Task description: Please transcribe the data that follows without the pictures, keeping every word the same.

*** Data section ***

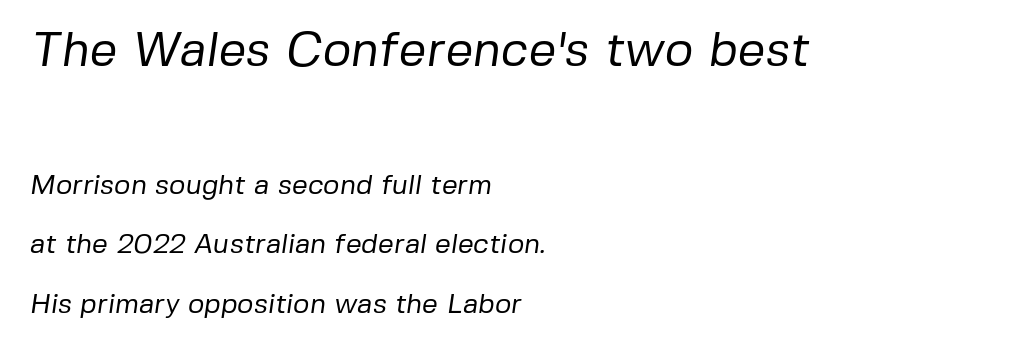
{"serif": "no", "bold": "no", "weight": "regular", "width": "normal", "stroke_contrast": "low", "x_height": "medium", "monospaced": "no", "underline": "no", "align": "left", "line_spacing": "loose", "line_spacing_ratio": 2.13, "letter_spacing": "normal", "letter_spacing_em": 0.0, "larger_block": "first", "size_ratio": 1.75, "glyph_px": 49}
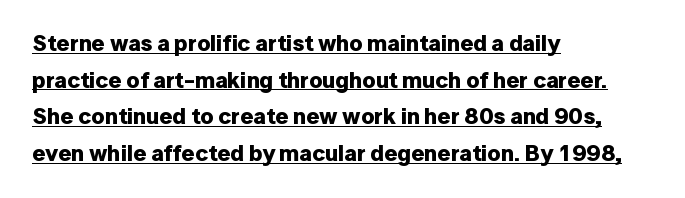
The image shows 23 px bold type, upright; set left-aligned, normal line spacing (1.59x), normal letter spacing, underlined.
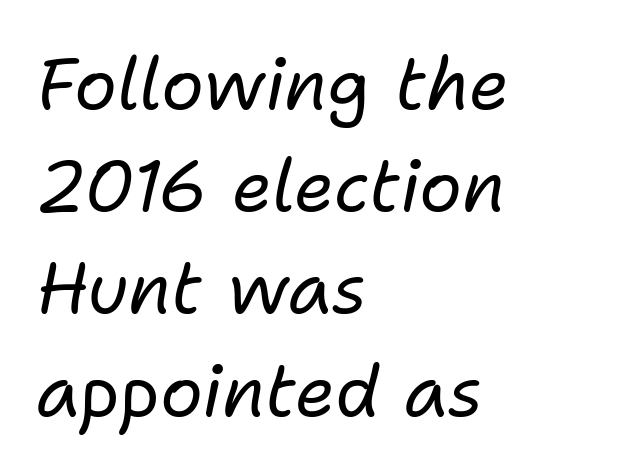
Tall strokes in this sample are angled rather than plumb. The face used here is proportionally spaced, like ordinary book or web type. Left-aligned paragraph, ragged on the right. A typesetter would call this leading conventional body-copy spacing. Default kerning and tracking; the words read as compact shapes. Underline: absent.
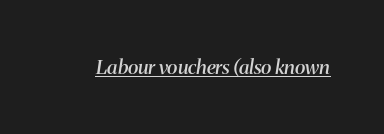
In terms of letterspacing, this is plain default setting. A fair bit of extra ink — the face is semibold, not bold. Characters are canted at an angle relative to the baseline's perpendicular. Like a heading marked for emphasis, these lines bear an underscore.
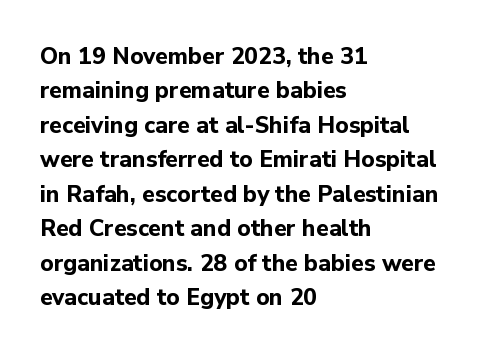
Q: Is the text bold? A: Yes.
Q: Is the text italic (slanted)? A: No, it is upright.
Q: Is the text underlined? A: No.
Q: How is the paragraph aligned? A: Left-aligned.
Q: Is the spacing between letters normal or unusually wide? A: Normal.
Q: Is the spacing between lines tight, normal or loose? A: Normal.

*** End of Data section ***

Written solution:
{"serif": "no", "bold": "no", "weight": "regular", "width": "normal", "stroke_contrast": "low", "x_height": "medium", "monospaced": "no", "underline": "no", "align": "left", "line_spacing": "loose", "line_spacing_ratio": 2.13, "letter_spacing": "normal", "letter_spacing_em": 0.0, "larger_block": "first", "size_ratio": 1.75, "glyph_px": 49}
The image shows 23 px bold type, upright; set left-aligned, normal line spacing (1.59x), normal letter spacing, underlined.
Tall strokes in this sample are angled rather than plumb. The face used here is proportionally spaced, like ordinary book or web type. Left-aligned paragraph, ragged on the right. A typesetter would call this leading conventional body-copy spacing. Default kerning and tracking; the words read as compact shapes. Underline: absent.
In terms of letterspacing, this is plain default setting. A fair bit of extra ink — the face is semibold, not bold. Characters are canted at an angle relative to the baseline's perpendicular. Like a heading marked for emphasis, these lines bear an underscore.
Q: Is the text bold? A: Yes.
Q: Is the text italic (slanted)? A: No, it is upright.
Q: Is the text underlined? A: No.
Q: How is the paragraph aligned? A: Left-aligned.
Q: Is the spacing between letters normal or unusually wide? A: Normal.
Q: Is the spacing between lines tight, normal or loose? A: Normal.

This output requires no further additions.